Look through the entries that follow and count the lines with the word "align". The reply is that number alone.

■ ■ ■

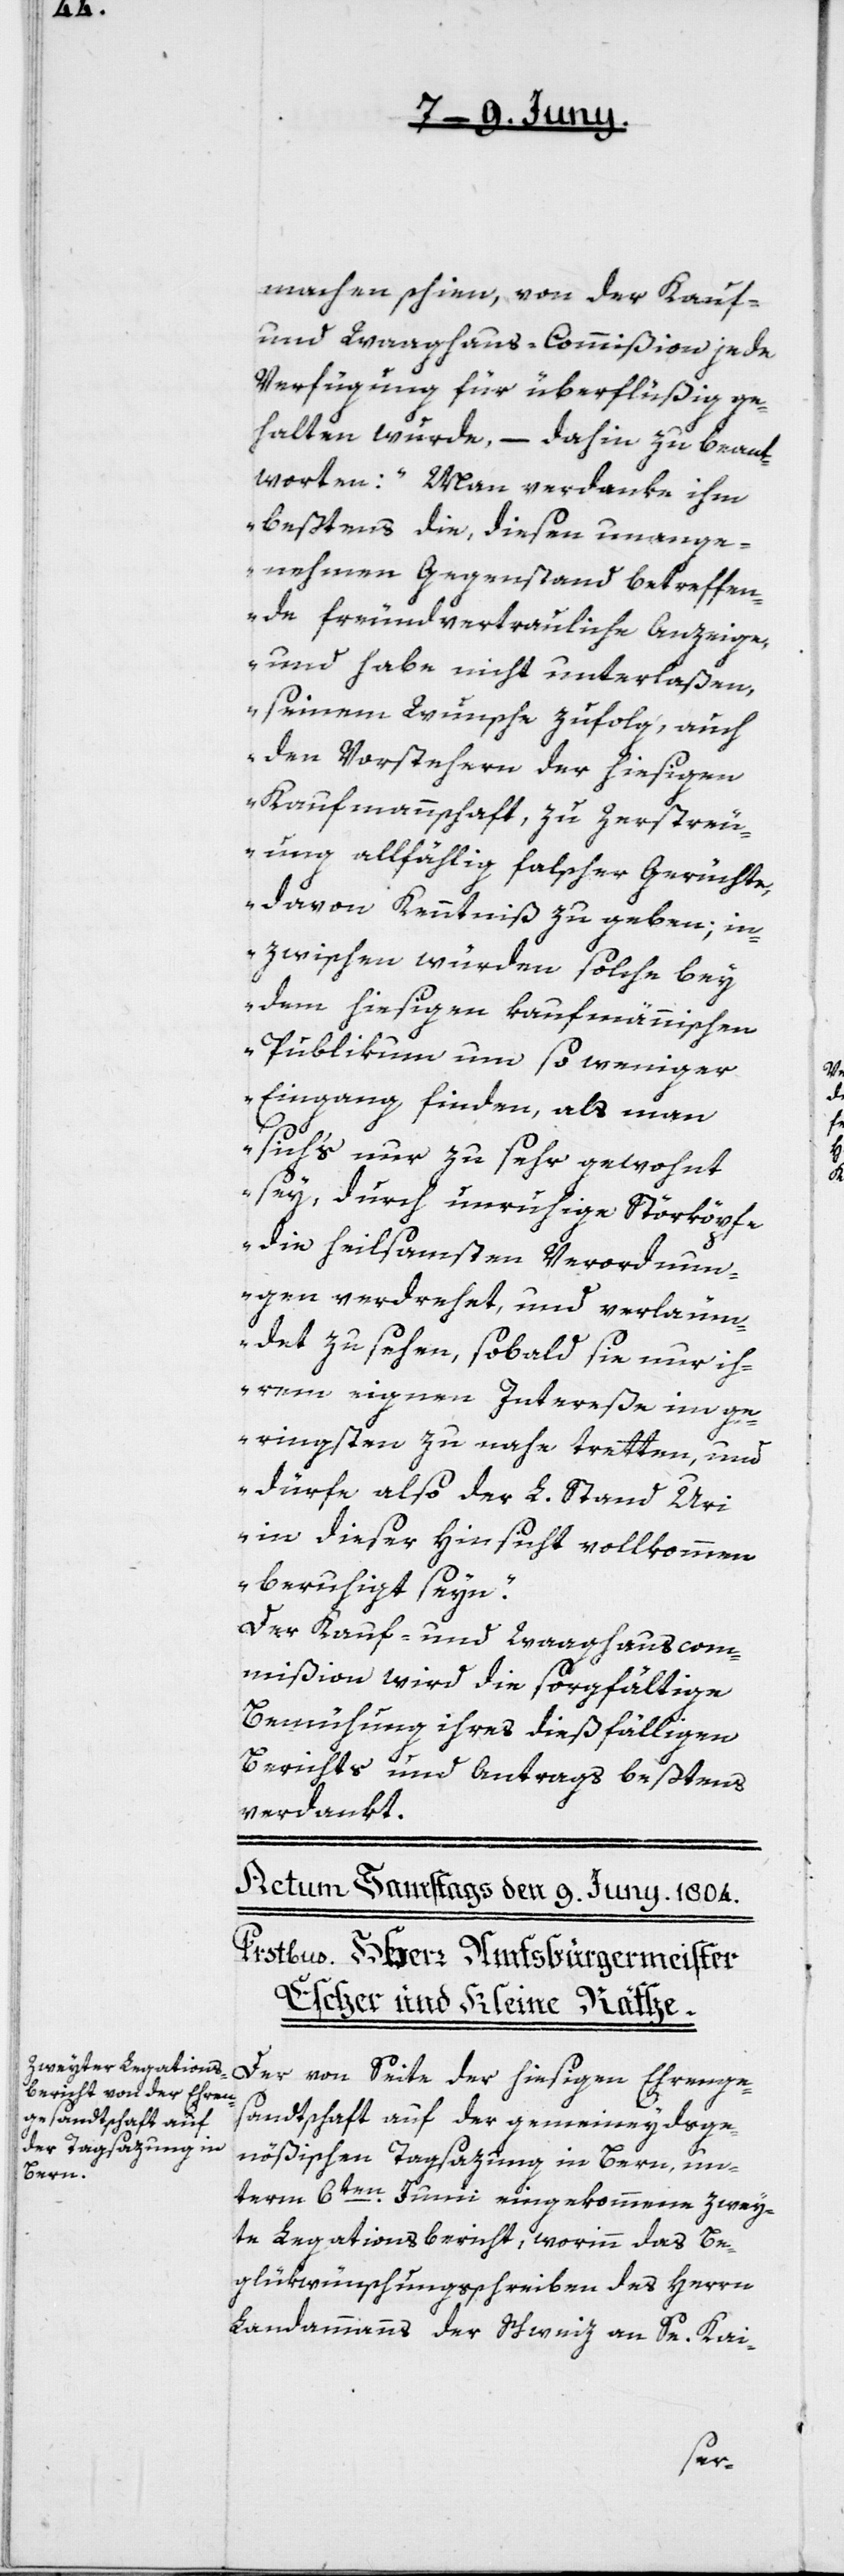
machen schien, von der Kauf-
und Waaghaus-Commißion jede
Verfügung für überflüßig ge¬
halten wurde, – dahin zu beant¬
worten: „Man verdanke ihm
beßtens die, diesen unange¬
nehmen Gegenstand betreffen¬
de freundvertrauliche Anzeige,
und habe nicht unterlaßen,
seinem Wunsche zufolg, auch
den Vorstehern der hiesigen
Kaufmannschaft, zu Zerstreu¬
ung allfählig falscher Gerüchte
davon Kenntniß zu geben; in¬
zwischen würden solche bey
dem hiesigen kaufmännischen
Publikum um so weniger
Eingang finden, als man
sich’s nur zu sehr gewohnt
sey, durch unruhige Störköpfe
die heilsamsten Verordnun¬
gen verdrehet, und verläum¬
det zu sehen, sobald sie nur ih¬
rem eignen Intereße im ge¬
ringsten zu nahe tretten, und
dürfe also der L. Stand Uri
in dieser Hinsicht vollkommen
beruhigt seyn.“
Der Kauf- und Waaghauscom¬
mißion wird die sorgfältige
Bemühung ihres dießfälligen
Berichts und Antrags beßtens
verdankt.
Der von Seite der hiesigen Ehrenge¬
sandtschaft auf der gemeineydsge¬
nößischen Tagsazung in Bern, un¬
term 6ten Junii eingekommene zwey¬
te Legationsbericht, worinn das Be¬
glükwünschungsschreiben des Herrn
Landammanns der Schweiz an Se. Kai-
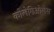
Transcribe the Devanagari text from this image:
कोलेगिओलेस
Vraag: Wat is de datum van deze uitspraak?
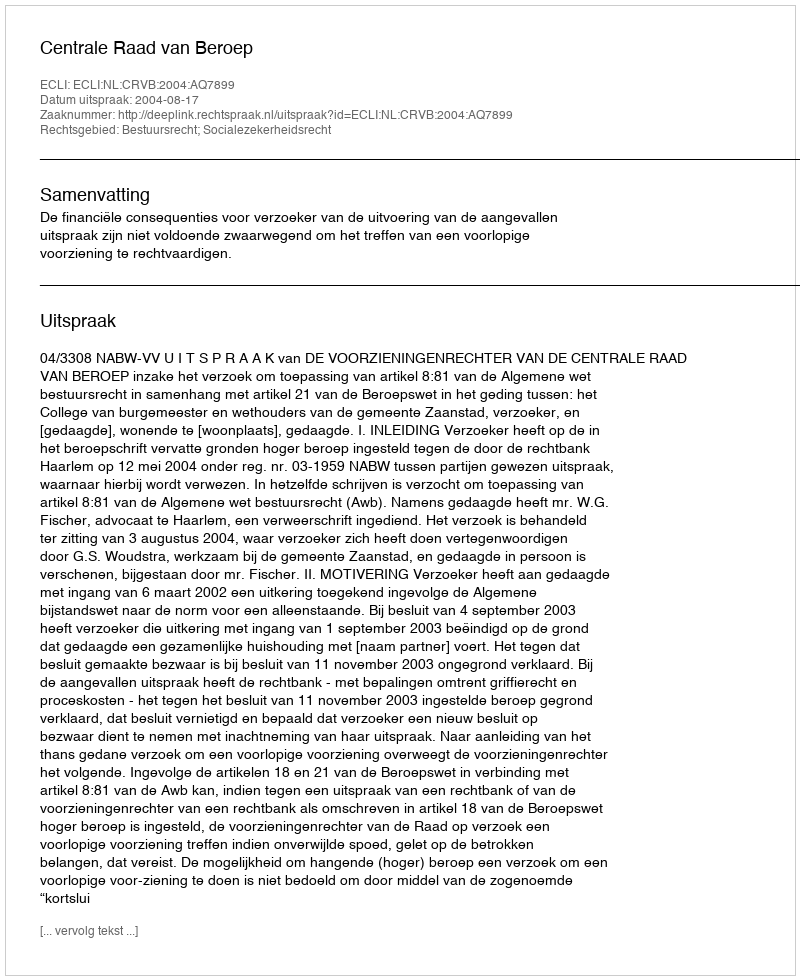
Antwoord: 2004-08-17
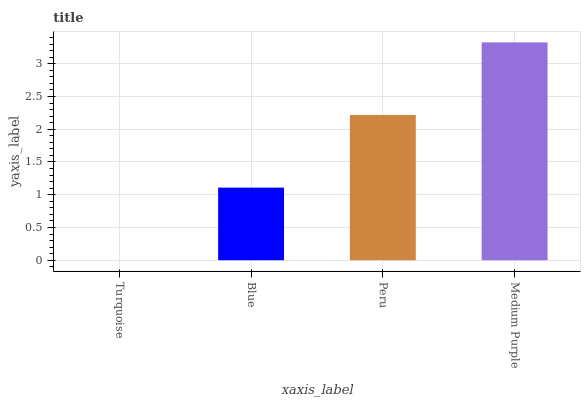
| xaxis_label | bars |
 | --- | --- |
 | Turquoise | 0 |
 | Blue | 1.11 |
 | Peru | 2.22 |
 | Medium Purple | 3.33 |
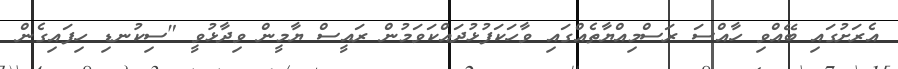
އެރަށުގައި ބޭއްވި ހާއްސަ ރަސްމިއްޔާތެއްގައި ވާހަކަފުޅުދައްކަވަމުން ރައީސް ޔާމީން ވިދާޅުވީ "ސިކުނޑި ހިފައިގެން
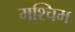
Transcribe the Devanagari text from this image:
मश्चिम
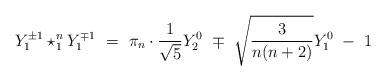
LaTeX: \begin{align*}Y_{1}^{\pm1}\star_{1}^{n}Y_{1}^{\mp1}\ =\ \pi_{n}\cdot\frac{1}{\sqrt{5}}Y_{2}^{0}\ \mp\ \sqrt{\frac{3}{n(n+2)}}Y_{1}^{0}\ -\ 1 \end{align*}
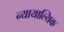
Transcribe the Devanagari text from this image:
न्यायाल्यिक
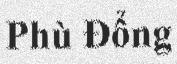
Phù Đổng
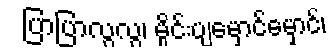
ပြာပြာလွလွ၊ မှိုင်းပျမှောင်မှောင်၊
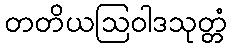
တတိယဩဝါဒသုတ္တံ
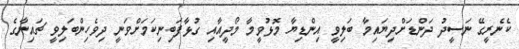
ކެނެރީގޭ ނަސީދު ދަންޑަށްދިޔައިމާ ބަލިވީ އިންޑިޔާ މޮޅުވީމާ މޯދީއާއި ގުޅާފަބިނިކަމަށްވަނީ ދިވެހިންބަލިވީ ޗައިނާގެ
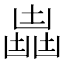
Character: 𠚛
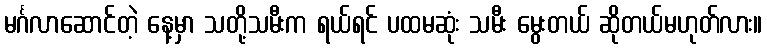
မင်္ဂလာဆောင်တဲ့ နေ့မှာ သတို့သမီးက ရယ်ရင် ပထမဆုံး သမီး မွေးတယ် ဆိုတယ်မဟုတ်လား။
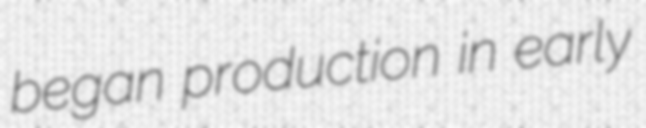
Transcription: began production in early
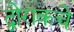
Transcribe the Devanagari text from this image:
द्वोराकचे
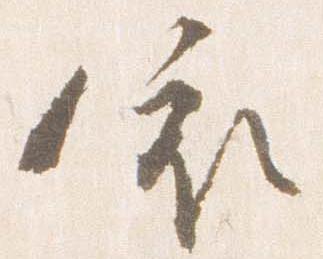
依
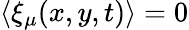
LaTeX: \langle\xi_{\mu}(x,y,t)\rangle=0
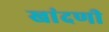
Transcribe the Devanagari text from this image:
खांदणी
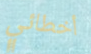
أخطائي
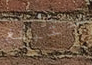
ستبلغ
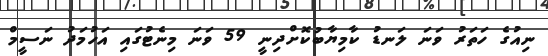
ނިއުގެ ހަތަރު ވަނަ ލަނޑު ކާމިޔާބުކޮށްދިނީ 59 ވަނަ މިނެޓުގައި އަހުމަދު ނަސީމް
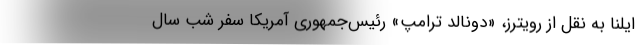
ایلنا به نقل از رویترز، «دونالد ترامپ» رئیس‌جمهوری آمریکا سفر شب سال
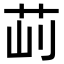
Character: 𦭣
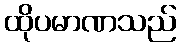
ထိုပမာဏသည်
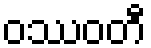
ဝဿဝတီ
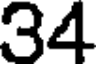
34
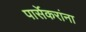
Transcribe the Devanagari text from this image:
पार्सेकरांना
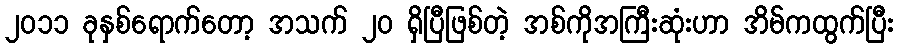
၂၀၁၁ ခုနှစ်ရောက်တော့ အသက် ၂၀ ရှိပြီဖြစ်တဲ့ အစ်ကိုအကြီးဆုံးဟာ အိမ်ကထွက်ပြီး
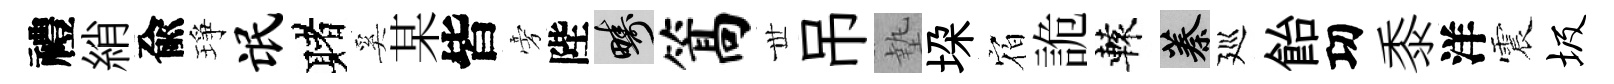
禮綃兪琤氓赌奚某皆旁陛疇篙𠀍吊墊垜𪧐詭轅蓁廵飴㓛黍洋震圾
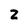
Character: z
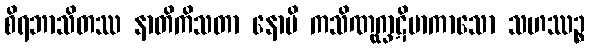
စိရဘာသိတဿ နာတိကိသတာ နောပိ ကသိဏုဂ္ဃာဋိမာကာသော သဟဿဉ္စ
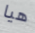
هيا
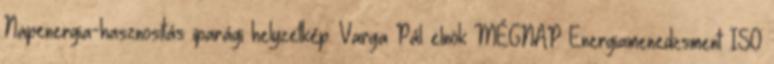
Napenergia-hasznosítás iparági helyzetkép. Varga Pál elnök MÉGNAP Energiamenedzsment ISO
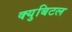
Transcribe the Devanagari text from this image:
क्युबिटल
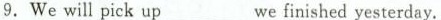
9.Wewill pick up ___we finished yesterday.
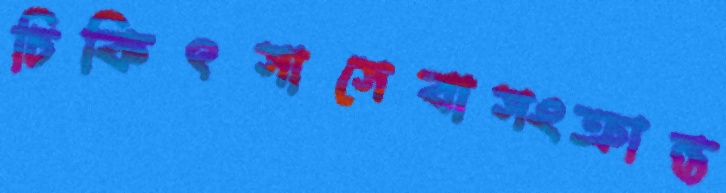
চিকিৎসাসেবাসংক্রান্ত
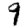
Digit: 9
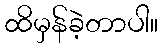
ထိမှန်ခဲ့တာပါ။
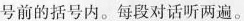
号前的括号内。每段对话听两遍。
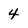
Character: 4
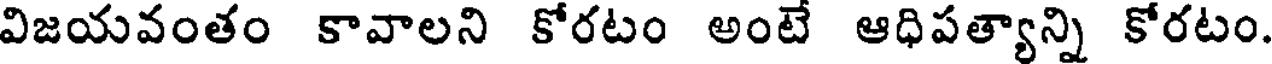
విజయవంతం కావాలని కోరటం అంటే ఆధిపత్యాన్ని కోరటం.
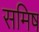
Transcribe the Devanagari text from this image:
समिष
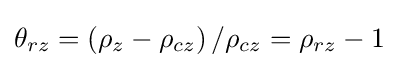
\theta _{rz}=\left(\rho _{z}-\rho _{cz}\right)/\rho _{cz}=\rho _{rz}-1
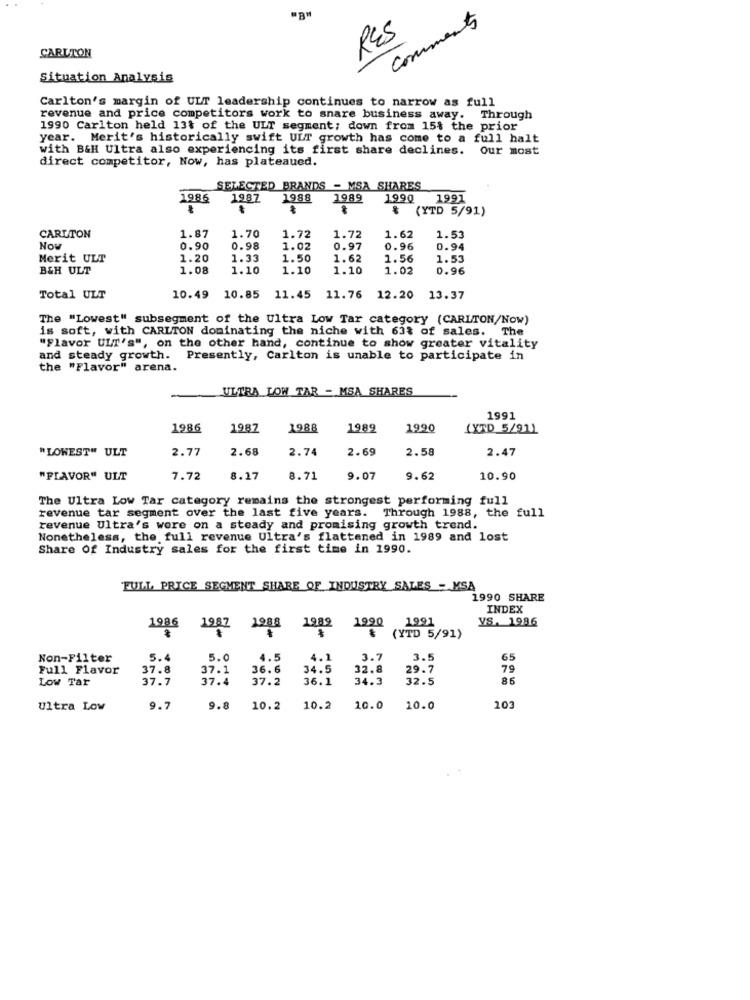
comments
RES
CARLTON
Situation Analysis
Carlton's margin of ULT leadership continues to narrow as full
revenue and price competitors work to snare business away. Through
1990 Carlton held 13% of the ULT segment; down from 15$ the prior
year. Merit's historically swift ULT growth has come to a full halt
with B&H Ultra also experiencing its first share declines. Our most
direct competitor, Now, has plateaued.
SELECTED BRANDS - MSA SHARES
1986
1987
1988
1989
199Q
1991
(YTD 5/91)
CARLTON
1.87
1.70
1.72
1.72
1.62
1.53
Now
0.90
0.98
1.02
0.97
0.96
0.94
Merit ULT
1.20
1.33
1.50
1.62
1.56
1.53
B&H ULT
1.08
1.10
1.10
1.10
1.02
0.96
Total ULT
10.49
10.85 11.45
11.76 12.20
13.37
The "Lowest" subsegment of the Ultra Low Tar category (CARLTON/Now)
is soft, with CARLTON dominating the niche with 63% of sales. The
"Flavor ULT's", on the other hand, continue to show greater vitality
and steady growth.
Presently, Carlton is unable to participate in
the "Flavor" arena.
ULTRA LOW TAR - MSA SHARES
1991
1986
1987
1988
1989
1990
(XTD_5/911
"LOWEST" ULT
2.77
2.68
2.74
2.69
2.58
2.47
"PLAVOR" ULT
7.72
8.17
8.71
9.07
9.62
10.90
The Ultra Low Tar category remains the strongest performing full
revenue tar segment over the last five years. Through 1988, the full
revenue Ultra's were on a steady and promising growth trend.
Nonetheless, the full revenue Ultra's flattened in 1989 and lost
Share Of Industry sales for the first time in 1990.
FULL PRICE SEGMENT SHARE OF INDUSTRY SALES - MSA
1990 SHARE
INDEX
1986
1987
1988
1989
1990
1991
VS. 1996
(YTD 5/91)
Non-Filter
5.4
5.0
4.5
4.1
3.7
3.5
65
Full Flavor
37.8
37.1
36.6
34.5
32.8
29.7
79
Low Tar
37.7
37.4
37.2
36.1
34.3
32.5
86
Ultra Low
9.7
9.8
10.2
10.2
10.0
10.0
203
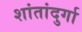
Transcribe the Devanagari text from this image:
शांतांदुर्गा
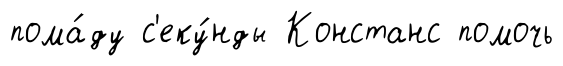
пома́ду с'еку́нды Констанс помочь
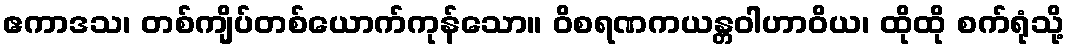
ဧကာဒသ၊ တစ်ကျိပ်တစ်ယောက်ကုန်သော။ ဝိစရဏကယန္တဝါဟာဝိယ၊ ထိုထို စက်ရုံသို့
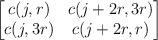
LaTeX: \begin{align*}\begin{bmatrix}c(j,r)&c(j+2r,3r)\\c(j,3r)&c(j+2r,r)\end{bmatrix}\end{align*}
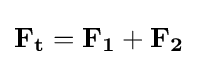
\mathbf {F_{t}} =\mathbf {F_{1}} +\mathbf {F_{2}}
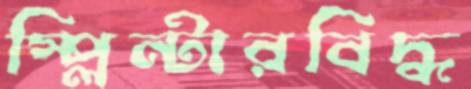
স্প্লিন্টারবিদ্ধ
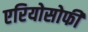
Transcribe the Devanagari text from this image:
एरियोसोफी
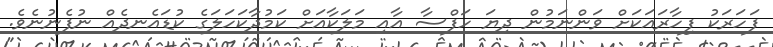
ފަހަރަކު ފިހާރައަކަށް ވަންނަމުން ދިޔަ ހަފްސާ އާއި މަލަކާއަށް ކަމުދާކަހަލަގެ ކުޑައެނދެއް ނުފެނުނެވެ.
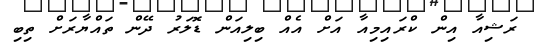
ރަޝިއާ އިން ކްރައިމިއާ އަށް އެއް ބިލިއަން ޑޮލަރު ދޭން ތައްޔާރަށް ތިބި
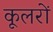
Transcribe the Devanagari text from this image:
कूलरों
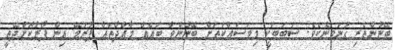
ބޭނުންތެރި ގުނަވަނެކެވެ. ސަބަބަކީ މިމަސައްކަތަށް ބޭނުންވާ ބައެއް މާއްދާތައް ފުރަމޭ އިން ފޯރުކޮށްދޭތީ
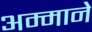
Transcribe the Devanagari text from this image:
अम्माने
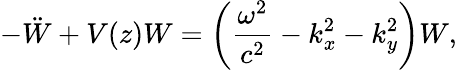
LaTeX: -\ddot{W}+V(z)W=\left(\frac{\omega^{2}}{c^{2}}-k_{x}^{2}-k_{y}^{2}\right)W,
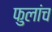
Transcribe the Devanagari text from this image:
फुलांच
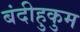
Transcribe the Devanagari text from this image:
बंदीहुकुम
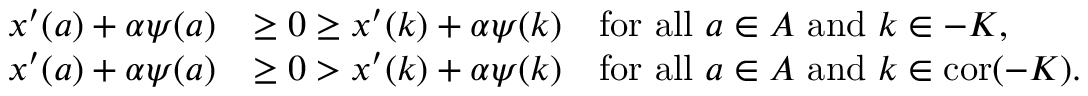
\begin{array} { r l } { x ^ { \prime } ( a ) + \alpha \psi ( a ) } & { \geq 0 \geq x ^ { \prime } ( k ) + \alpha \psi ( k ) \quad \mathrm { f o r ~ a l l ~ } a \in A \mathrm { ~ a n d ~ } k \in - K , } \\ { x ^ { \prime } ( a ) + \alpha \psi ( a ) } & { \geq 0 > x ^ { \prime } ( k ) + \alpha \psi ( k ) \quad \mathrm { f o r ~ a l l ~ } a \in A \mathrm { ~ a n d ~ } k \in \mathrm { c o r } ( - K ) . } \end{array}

■ ■ ■

Output: 2